- **PROBLEM DETAILS**: Any picture in the entries is to be skipped, while everything else is transcribed word for word.

- **MATERIAL TO PROCESS**:
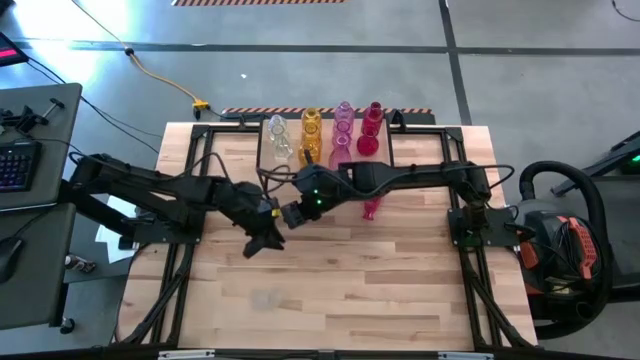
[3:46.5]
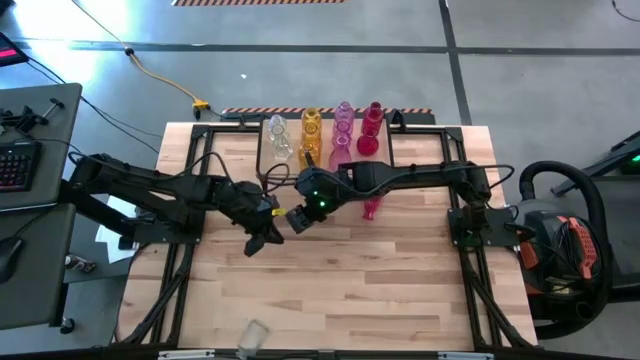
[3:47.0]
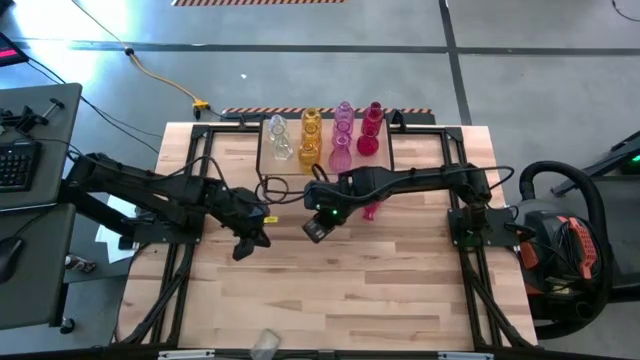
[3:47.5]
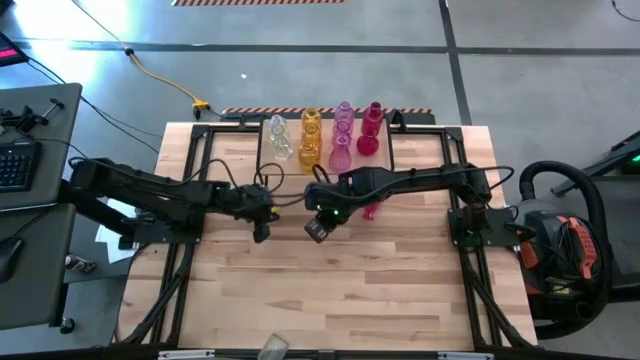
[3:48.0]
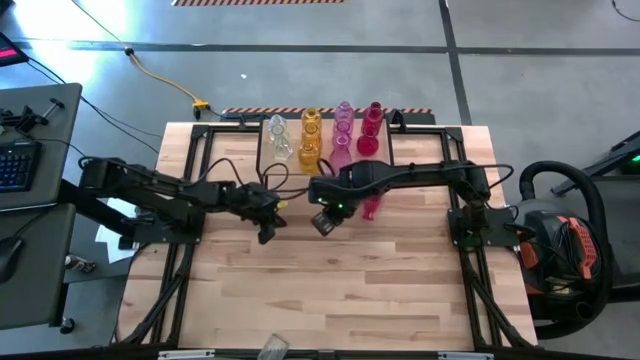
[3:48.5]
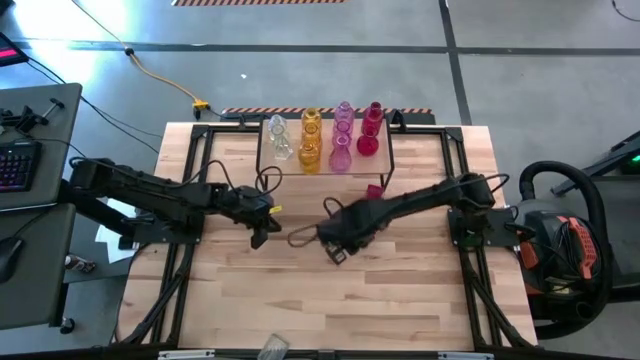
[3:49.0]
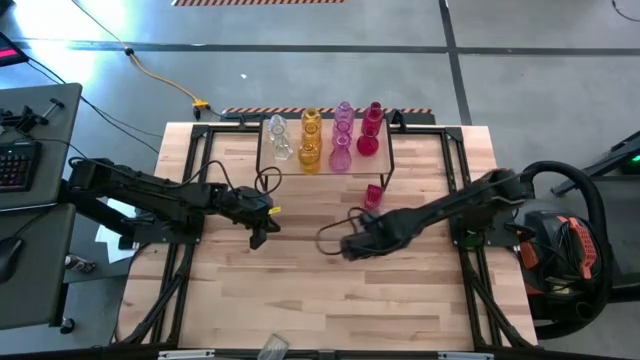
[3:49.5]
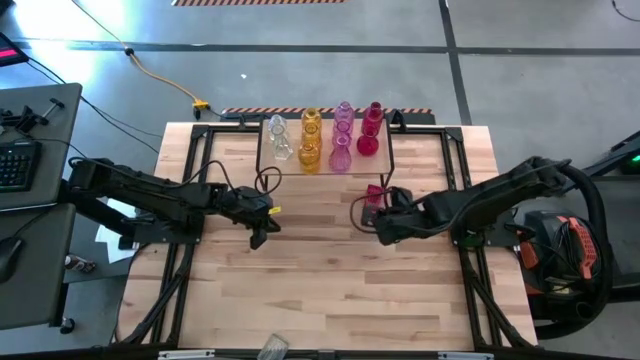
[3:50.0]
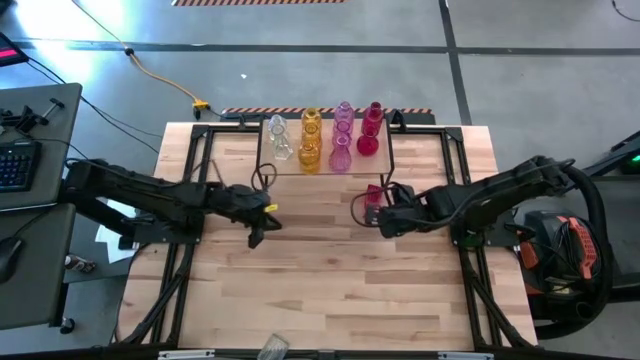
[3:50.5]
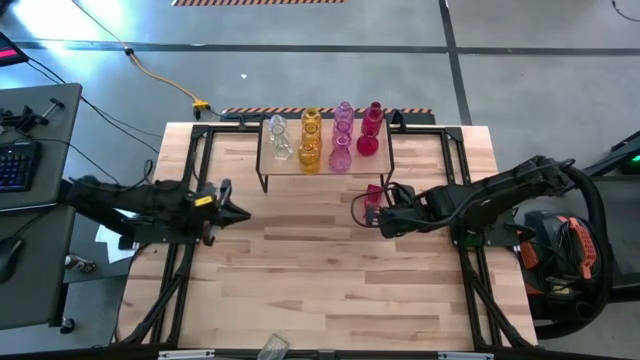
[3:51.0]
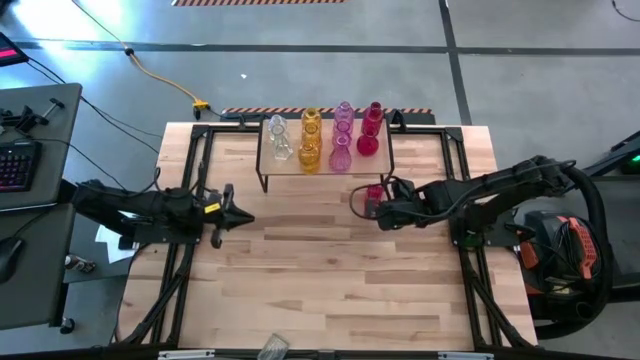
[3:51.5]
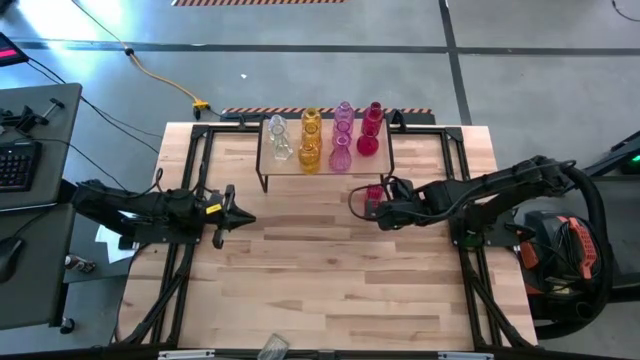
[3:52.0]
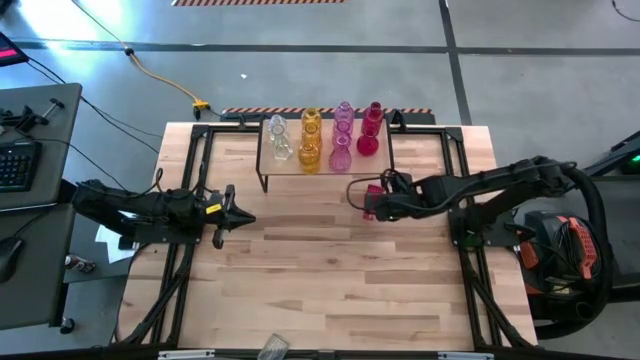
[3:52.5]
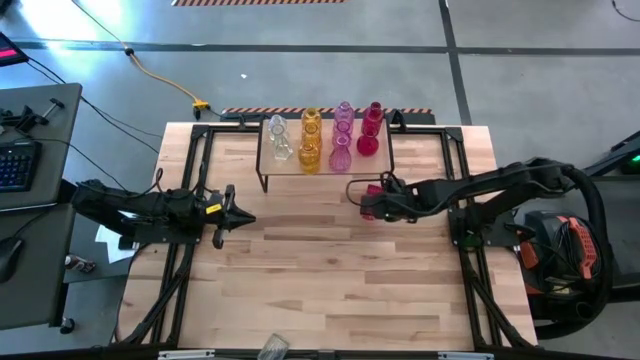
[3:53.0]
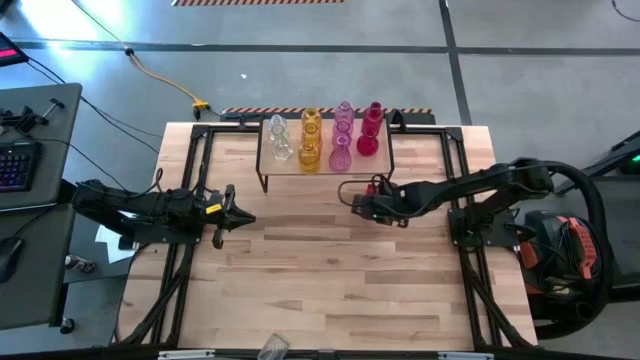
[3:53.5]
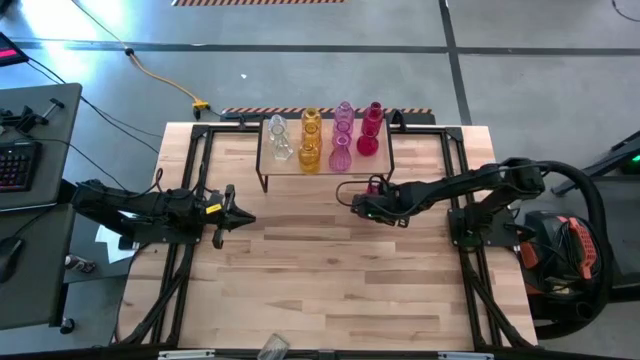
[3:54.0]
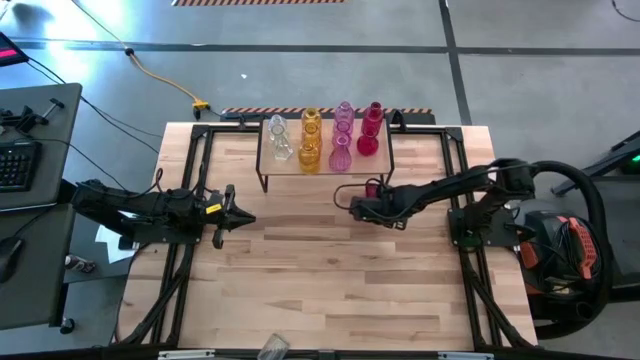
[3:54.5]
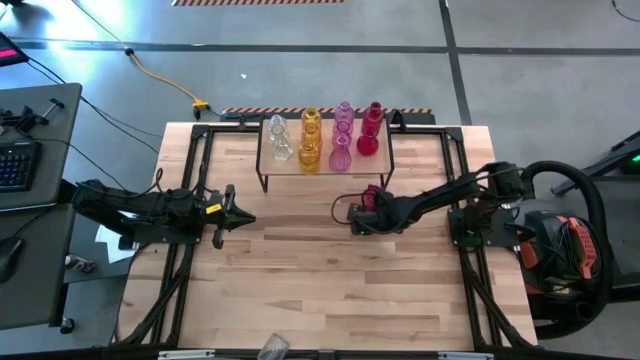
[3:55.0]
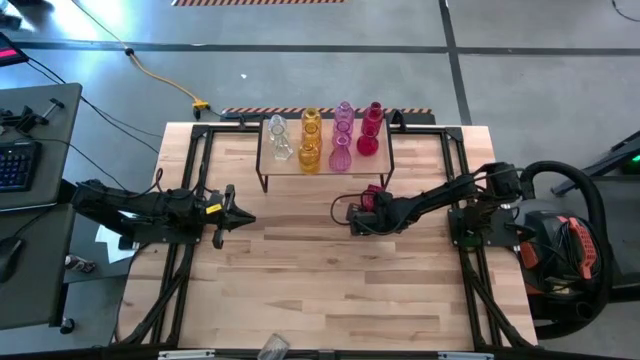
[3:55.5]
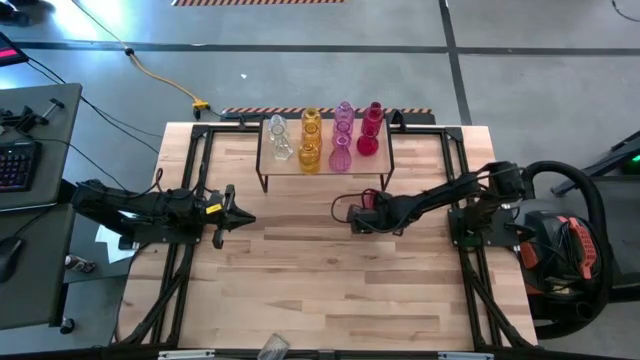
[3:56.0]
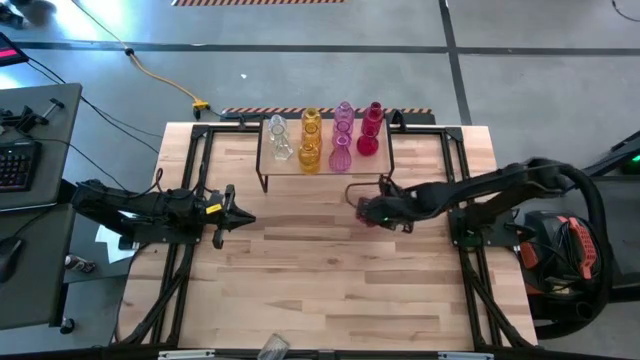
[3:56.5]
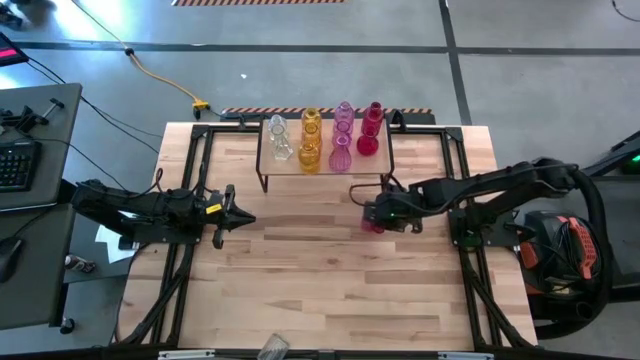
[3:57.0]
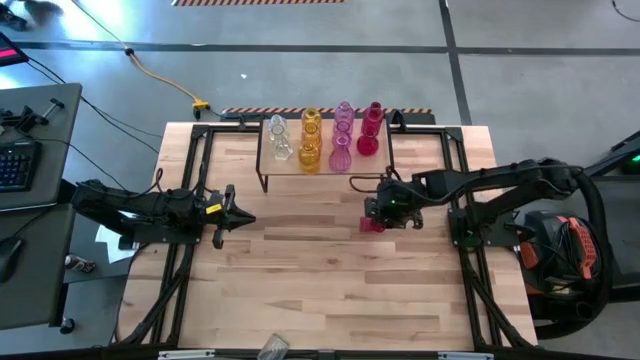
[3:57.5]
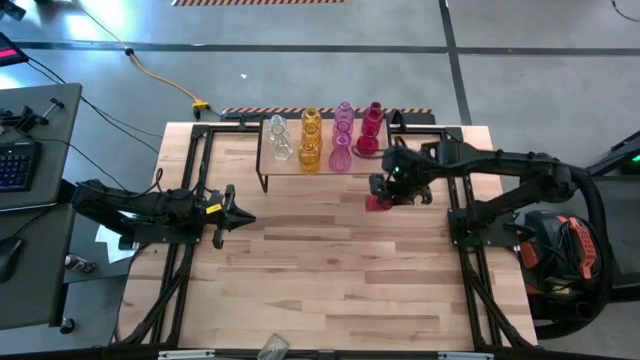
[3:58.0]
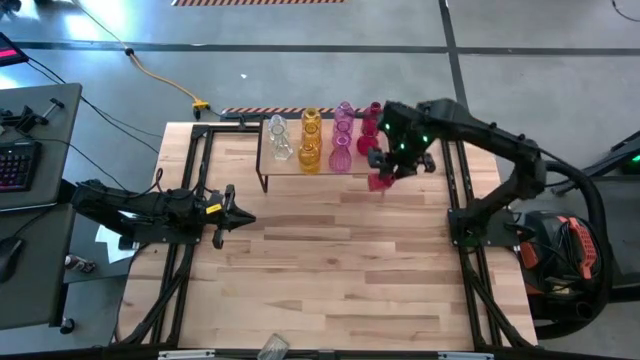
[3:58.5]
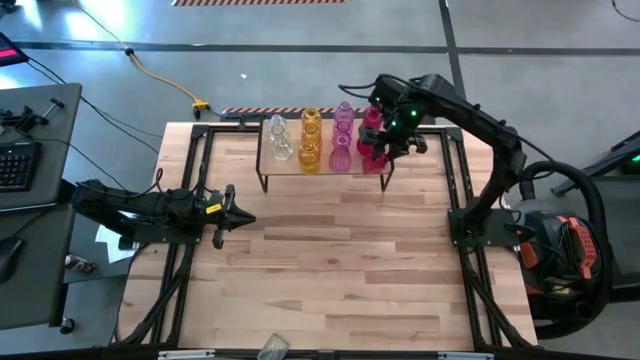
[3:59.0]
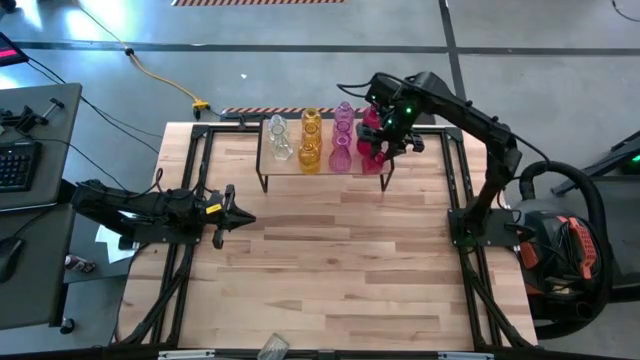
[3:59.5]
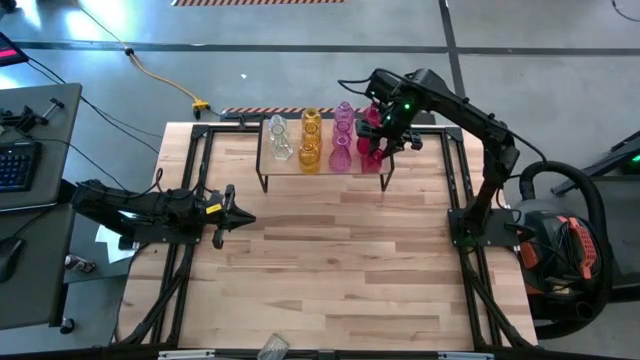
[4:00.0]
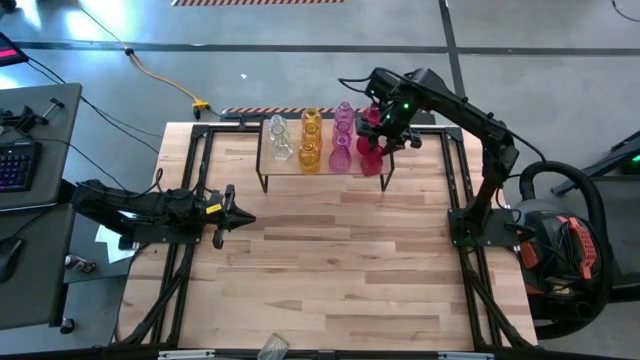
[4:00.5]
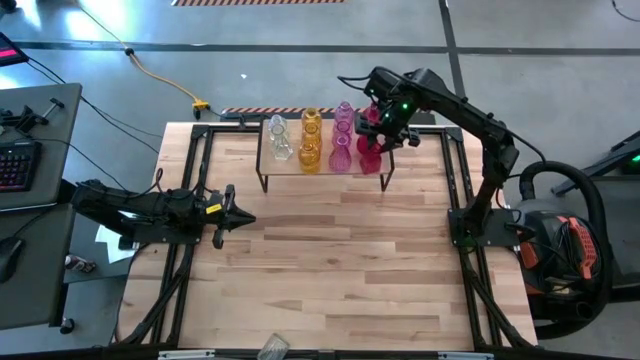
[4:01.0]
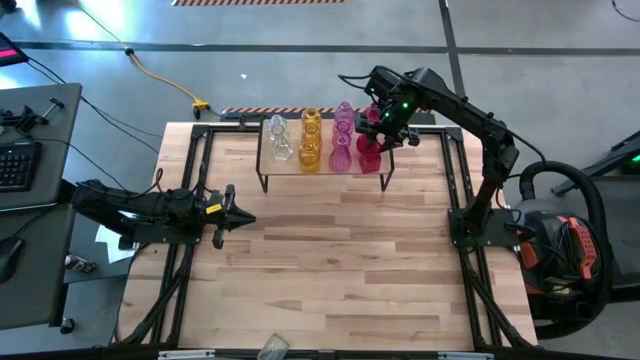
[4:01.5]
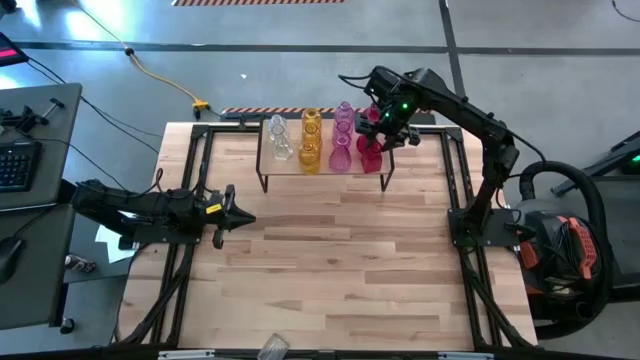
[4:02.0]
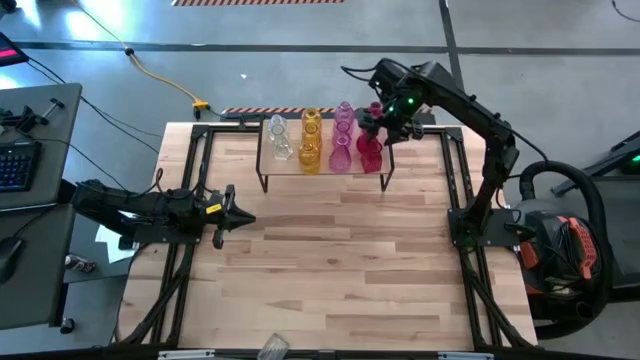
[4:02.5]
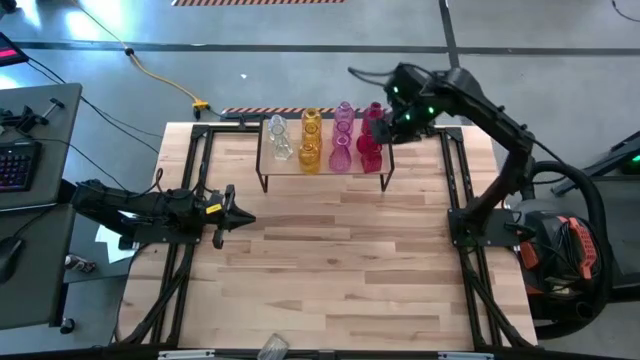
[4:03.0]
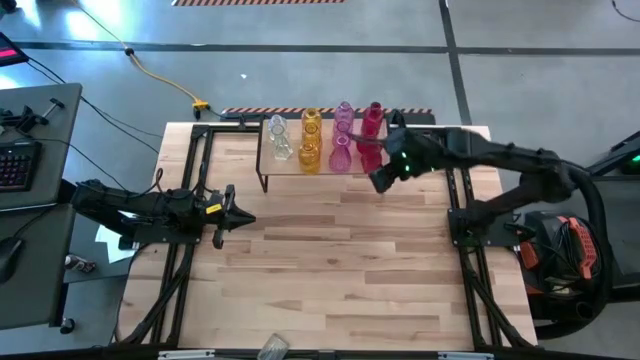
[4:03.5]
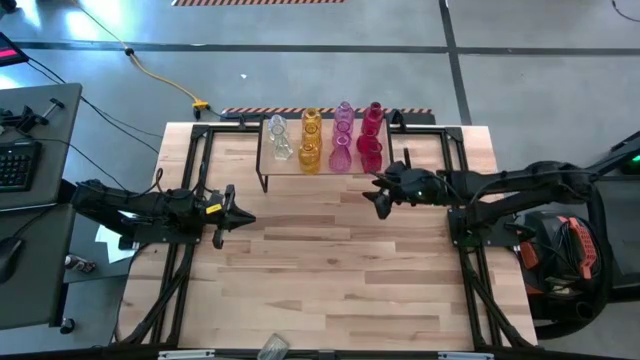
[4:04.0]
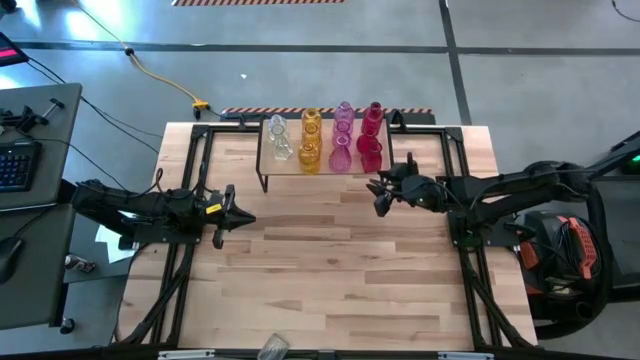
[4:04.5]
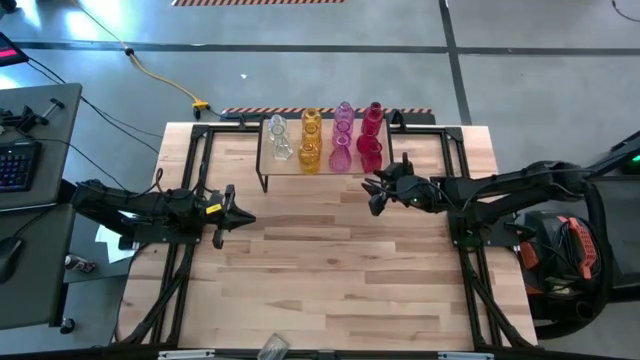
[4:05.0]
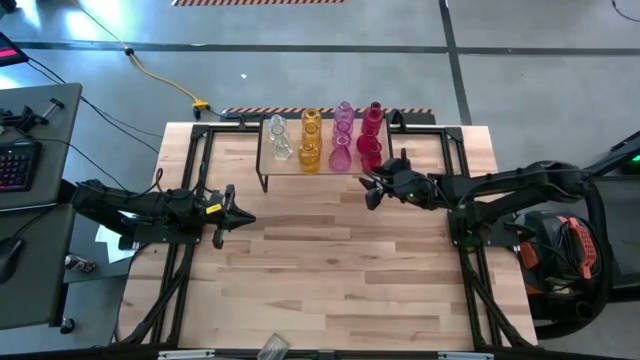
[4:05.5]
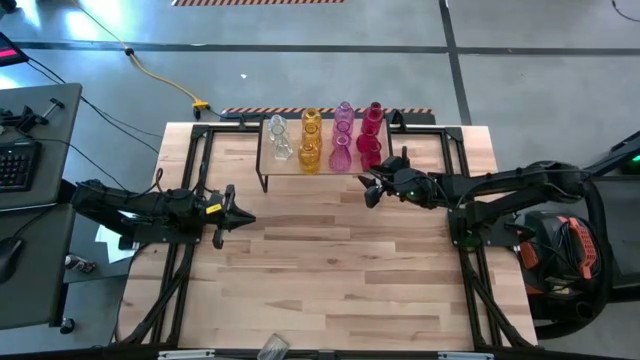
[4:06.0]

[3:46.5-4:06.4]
Task: sort vases onto shelf
Put the red vase aligned with the other red vase on the shelf

- **RESULT BELOW**:
[3:46.5]
[3:47.0]
[3:47.5]
[3:48.0]
[3:48.5]
[3:49.0]
[3:49.5]
[3:50.0]
[3:50.5]
[3:51.0]
[3:51.5]
[3:52.0]
[3:52.5]
[3:53.0]
[3:53.5]
[3:54.0]
[3:54.5]
[3:55.0]
[3:55.5]
[3:56.0]
[3:56.5]
[3:57.0]
[3:57.5]
[3:58.0]
[3:58.5]
[3:59.0]
[3:59.5]
[4:00.0]
[4:00.5]
[4:01.0]
[4:01.5]
[4:02.0]
[4:02.5]
[4:03.0]
[4:03.5]
[4:04.0]
[4:04.5]
[4:05.0]
[4:05.5]
[4:06.0]

[3:46.5-4:06.4]
Task: sort vases onto shelf
Put the red vase aligned with the other red vase on the shelf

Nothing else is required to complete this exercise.